┌──

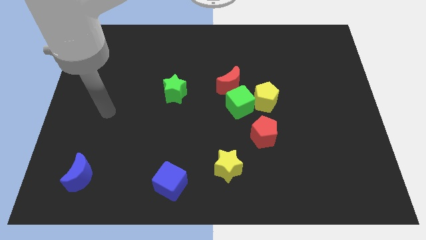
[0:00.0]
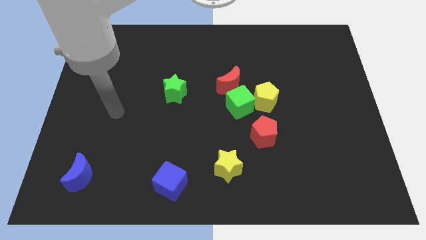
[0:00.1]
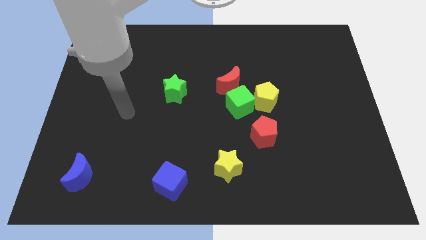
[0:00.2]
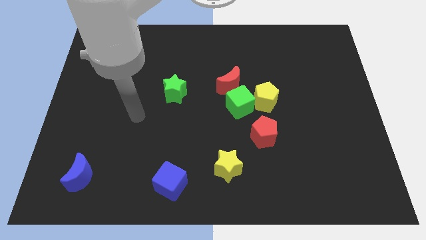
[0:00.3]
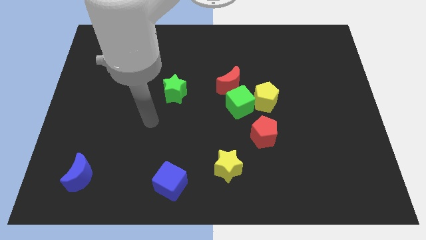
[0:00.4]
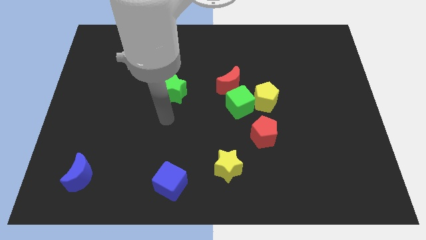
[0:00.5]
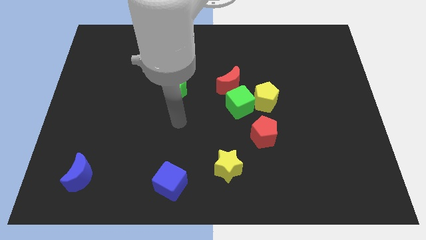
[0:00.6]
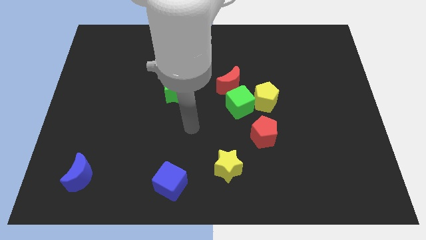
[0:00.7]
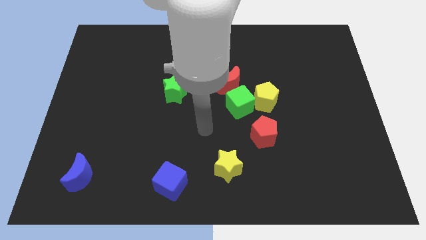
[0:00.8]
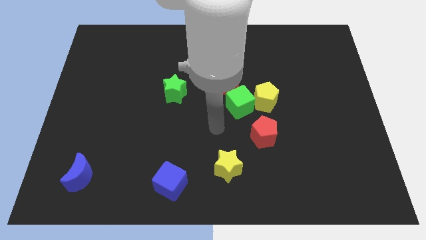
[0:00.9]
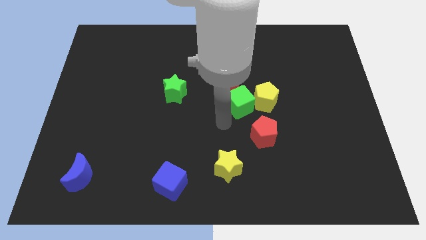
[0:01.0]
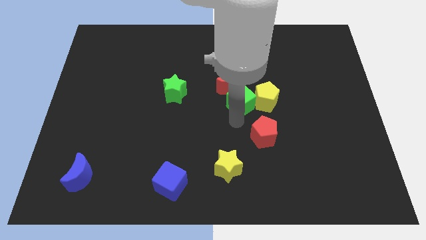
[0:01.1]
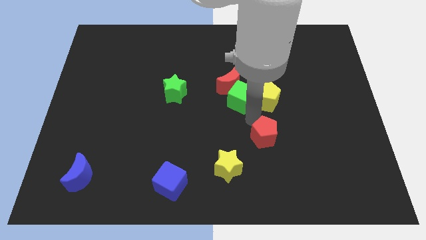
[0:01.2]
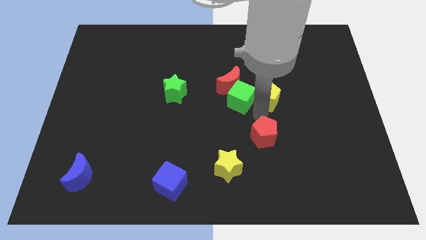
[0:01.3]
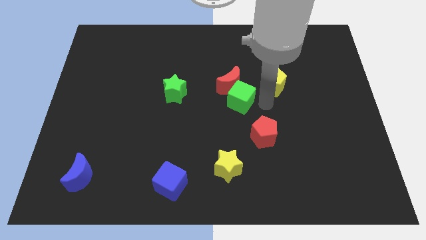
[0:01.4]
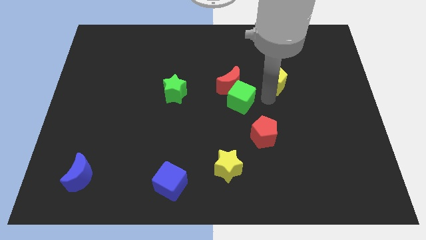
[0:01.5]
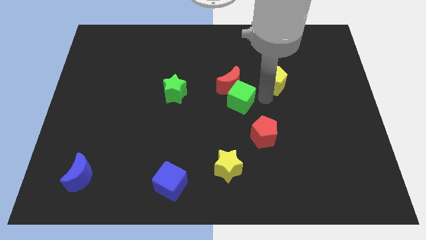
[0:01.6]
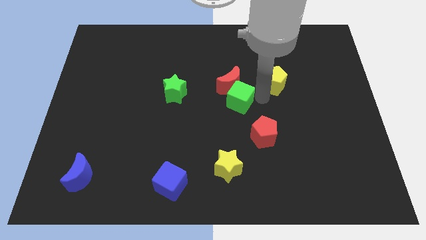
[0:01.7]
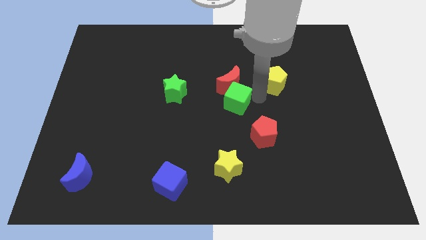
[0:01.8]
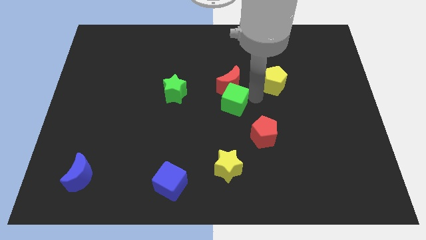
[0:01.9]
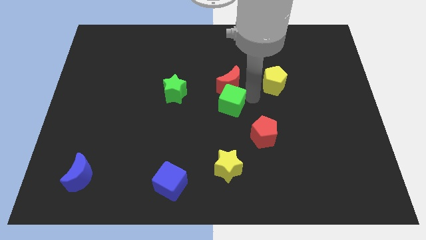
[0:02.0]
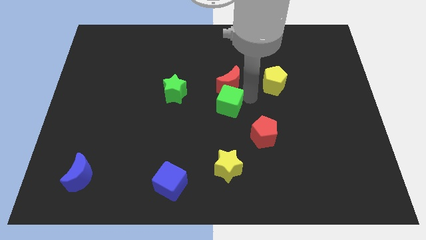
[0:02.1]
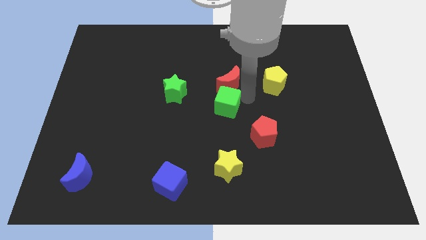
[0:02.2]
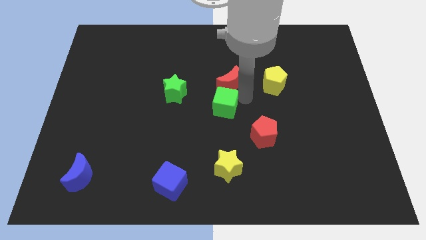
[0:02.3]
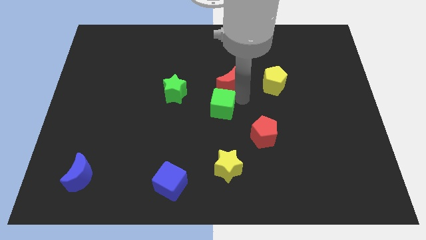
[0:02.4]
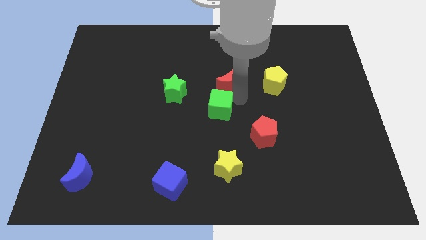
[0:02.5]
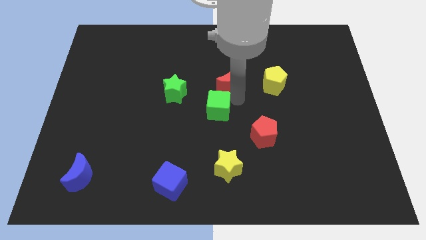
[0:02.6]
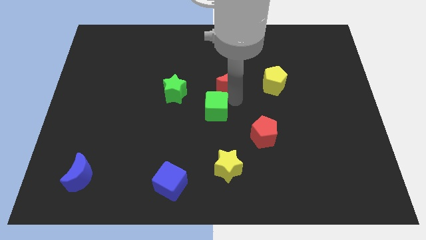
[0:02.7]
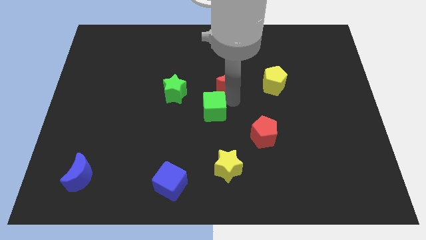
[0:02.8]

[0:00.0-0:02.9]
pull the green cube apart from the yellow pentagon, red moon, and red pentagon

└──

PROBLEM STATEMENT ->
With the pictures removed, return the data above word for word.

SOLUTION ->
[0:00.0]
[0:00.1]
[0:00.2]
[0:00.3]
[0:00.4]
[0:00.5]
[0:00.6]
[0:00.7]
[0:00.8]
[0:00.9]
[0:01.0]
[0:01.1]
[0:01.2]
[0:01.3]
[0:01.4]
[0:01.5]
[0:01.6]
[0:01.7]
[0:01.8]
[0:01.9]
[0:02.0]
[0:02.1]
[0:02.2]
[0:02.3]
[0:02.4]
[0:02.5]
[0:02.6]
[0:02.7]
[0:02.8]

[0:00.0-0:02.9]
pull the green cube apart from the yellow pentagon, red moon, and red pentagon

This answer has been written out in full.